Baca Juga:   Rencana Mandra Ngelawak Bareng Alm Benyamin Sueb Kaku Gak Bisa Ngelucu

Ngamen

Status ekonomi keluarga Benyamin  Sueb masa itu menjadi tidak menentu per ayahnya meninggal dunia. Sejak mungil Benyamin sudah ngamen keliling zona. Aksinya saat mengamen membuat banyak orang terhibur tidak jarang ia mendapatkan uang lebih karena aksinya itu.  
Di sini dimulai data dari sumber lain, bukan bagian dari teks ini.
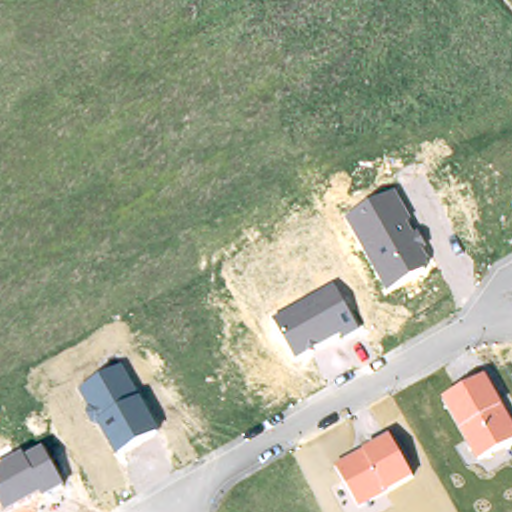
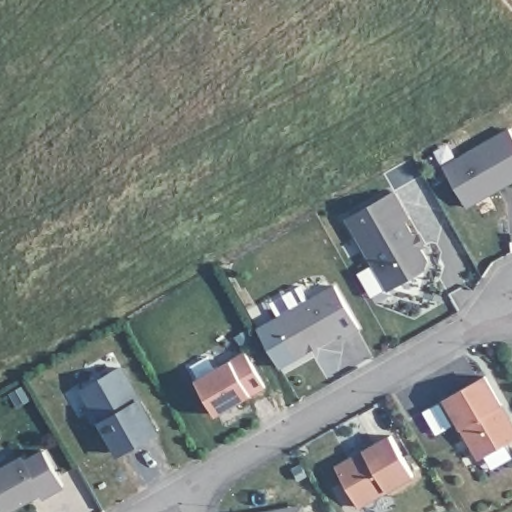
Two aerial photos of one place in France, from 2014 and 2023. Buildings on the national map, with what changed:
new [(512,136),(512,183),(467,208),(443,165),(507,128),(512,136)]
unchanged [(428,260),(423,271),(387,291),(346,219),(394,190),(411,219),(408,221),(414,232),(418,231),(428,248),(423,251),(428,260)]
unchanged [(296,359),(273,320),(335,283),(360,329),(345,338),(341,333),(296,359)]
new [(265,387),(251,395),(216,416),(195,378),(230,360),(243,351),(265,387)]
unchanged [(93,425),(86,412),(89,407),(78,388),(122,366),(142,398),(160,432),(117,457),(102,428),(93,425)]
unchanged [(461,429),(443,398),(485,375),(502,405),(512,421),(512,441),(478,460),(461,429)]
unchanged [(390,435),(413,477),(386,492),(359,508),(335,467),(363,451),(390,435)]
unchanged [(42,495),(11,512),(6,512),(0,501),(0,493),(2,492),(0,489),(0,468),(24,455),(26,457),(43,448),(66,487),(45,498),(42,495)]
new [(303,504),(305,512),(256,512),(303,504)]

Benyamin juga sempat membuat sebuah orkes bersama dengan saudara-saudaranya. Kelompok musik kaleng rombeng yang dibentuk Benyamin saat berusia 6 tahun menjelma cikal bakal kiprah Benyamin di dunia seni.  

Jadi Kondektur

Saat beranjak dewasa, Benyamin  memulai kerjanya menjadi seorang kondektur Pengangkutan Penumpang Djakarta (PPD). Era itu Benyamin melayani rute Lapangan Banteng – Pasar Rumput meski tidak lama akhirnya ia beristirahat.  

Gabung di grup musik

Karier di dunia musik diawali dengan bergabungnya Benyamin dengan satu grup musik bernama Naga Mustika. Grup itulah yang lalu mengantarkan nama Benyamin sebagai salah satu penyanyi terkenal di Nusantara.
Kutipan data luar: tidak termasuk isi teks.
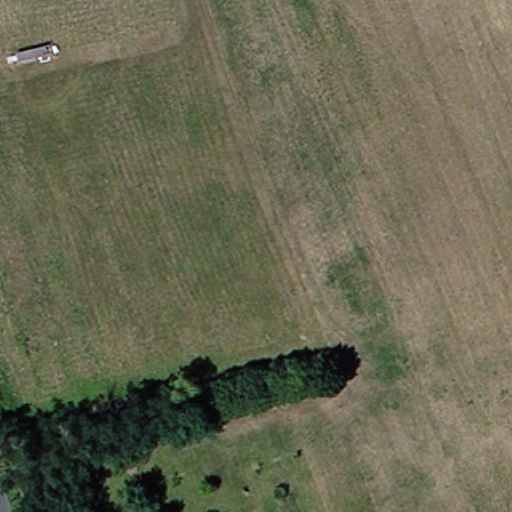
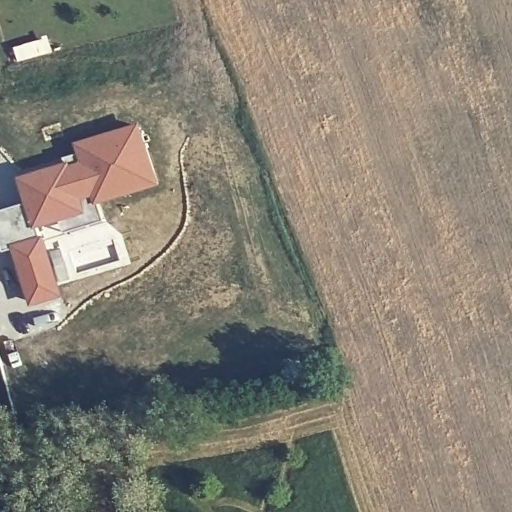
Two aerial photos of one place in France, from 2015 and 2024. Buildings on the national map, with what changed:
new [(73,164),(74,168),(90,163),(84,144),(142,126),(156,170),(159,179),(124,190),(101,197),(100,197),(97,189),(81,194),(86,210),(41,224),(46,239),(8,251),(0,226),(0,212),(34,201),(26,179),(73,164)]
new [(86,152),(90,163),(74,168),(73,164),(71,165),(69,157),(86,152)]
new [(86,210),(81,194),(97,189),(100,197),(101,197),(108,220),(68,232),(63,217),(86,210)]
new [(14,249),(46,239),(62,297),(31,306),(14,249)]

Kemudian bersama secara Orkes Gambang Kromong Naga Mustika Benyamin mulai meluncurkan berbagai lagak yang sangat populer diantaranya Ondel-ondel, Kompor Mleduk, Tukang Garem, & Nyai Dasimah.  

Hidup

Selain negeri musik, Benyamin juga cukup sukses di dunia perfilman negeri. Kira-kira filmnya, seperti Banteng Betawi, Biang Kerok, Si Doel Anak Betawi, serta Intan Berduri. Bahkan, dalam film Intan Berduri, Benyamin memperoleh piala Citra sebagai Pemeran Sempurna Terbaik.

5 September 1995 menjadi duka untuk dunia hiburan tanah air saat itu. Benyamin meninggal dunia akibat pukulan jantung. Jenazahnya dimakamkan di TPU Karet Bivak, Jakarta.  
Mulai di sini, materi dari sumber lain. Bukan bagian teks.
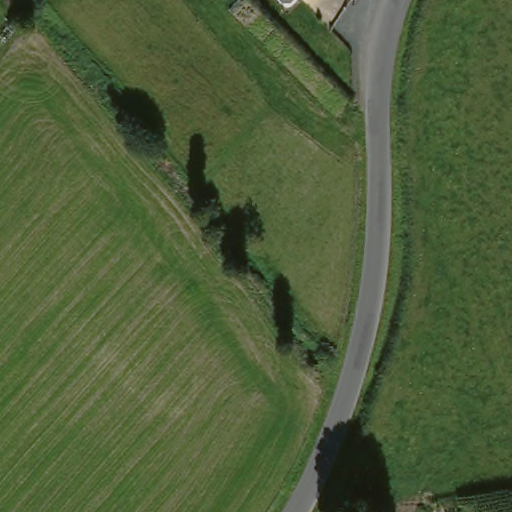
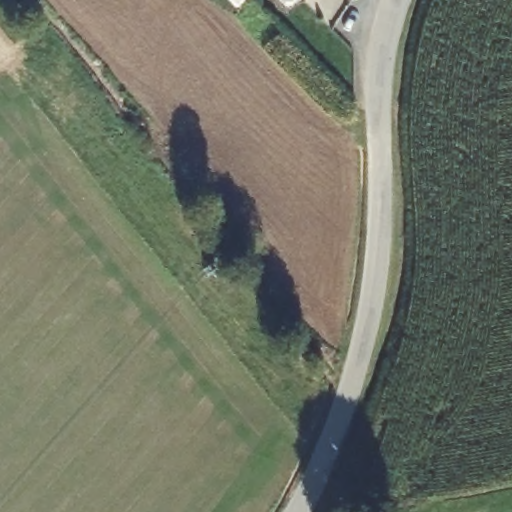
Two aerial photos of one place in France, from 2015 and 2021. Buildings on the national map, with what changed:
[]

Pemakaman Benyamin sesuai secara wasiat yang ia tuliskan. Dia ingin dimakamkan bersebelahan dengan makam Bing Slamet yang dia anggap sebagai guru, teman, dan wujud yang sangat mempengaruhi hidupnya.

Sebagai sebuah penghormatan pada jasanya sebagai seniman betawi dalam tanggal 6 Desember 1995, Negeri DKI Jakarta mengabadikan nama Benyamin Sueb sebagai nama jalan pada daerah Kemayoran.